La sexualidad humana es una forma de manifestación y un espejo del acto perpetuo de la creación que se consuma ininterrumpidamente en todos los planos del universo.

Cuando en el instante de la creación surgió la multiplicación a partir de la unidad, el ser amorfo se dividió primeramente en dos formas fundamentales de energía: una masculina fertilizadora y una fuerza femenina engendradora a las que se les denomino el yin y yang. El yin femenino es fertilizado continuamente por la semilla masculina del yang y engendra la vida en sus formas infinitamente variadas. Tienes más detalles en: https://www.tarotportelefono.eu

 

El nivel físico

A nivel físico del hombre, este juego de fuerza se manifiesta como sexualidad. Mediante ella, el hombre está unido en su totalidad con el perpetuo acto de la creación de la vida, y el éxtasis que puede experimentar en ella refleja la bendición de la creación. Las fuerzas del yin y el yang se manifiestan en todo el universo como polaridad.

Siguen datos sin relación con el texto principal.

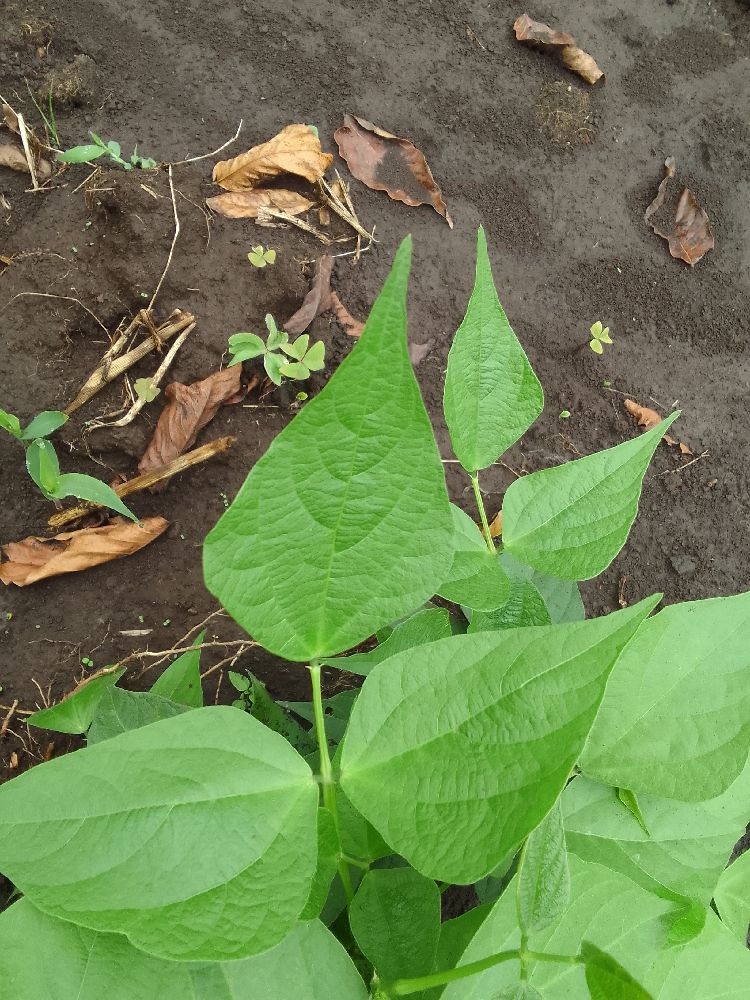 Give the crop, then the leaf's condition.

common bean, healthy
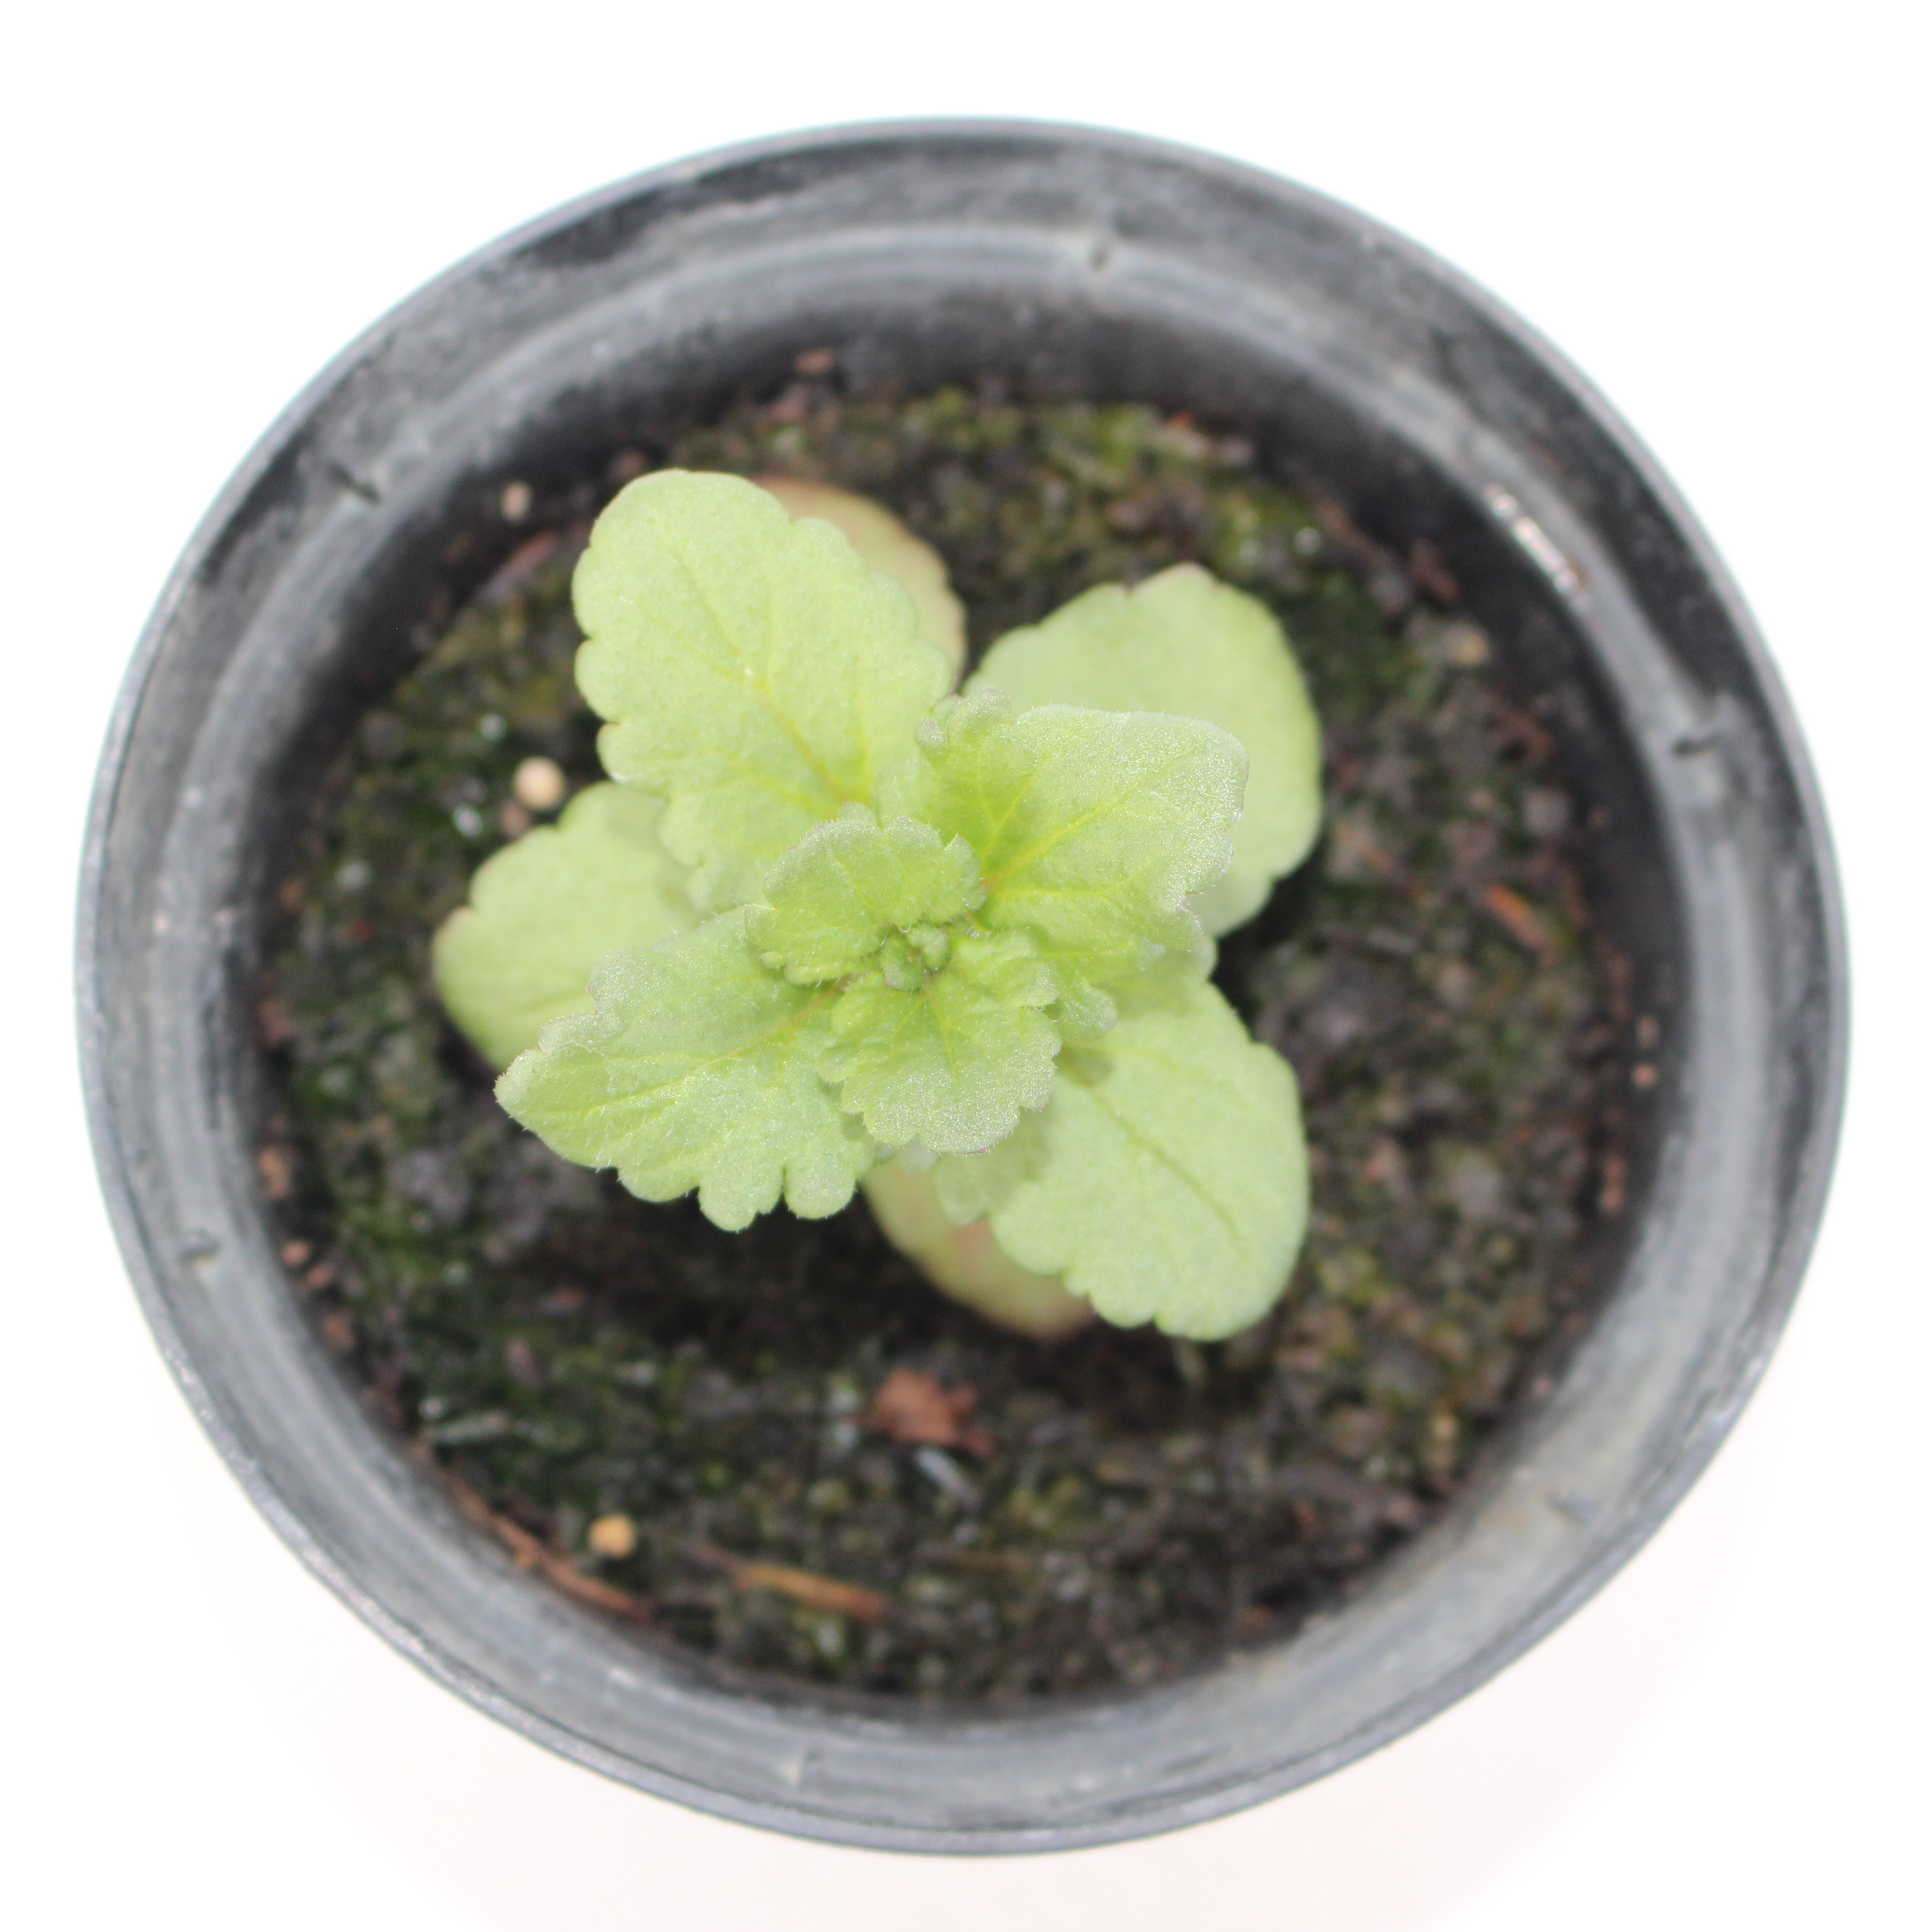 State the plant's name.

El yin y el yang simbolizan de forma intuitiva el movimiento rítmico de toda la vida. El yin representa una cara de la totalidad, la femenina, extensiva, intuitiva, pasiva e inconsciente, el yang la masculina, concentradora, intelectual, activa  y consciente. El equilibrio existente en el universo que nos rodea es el resultado de las relaciones entre las parejas contrarias.

 

El flujo de movimiento

Como en este universo todo se encuentra en un perpetuo flujo de movimiento, tanto el yin como el yang están ya presentes en forma latente en el correspondiente polo opuesto.

Esto se simboliza mediante el punto blanco dentro del yin oscuro, y por el punto oscuro dentro del yang blanco.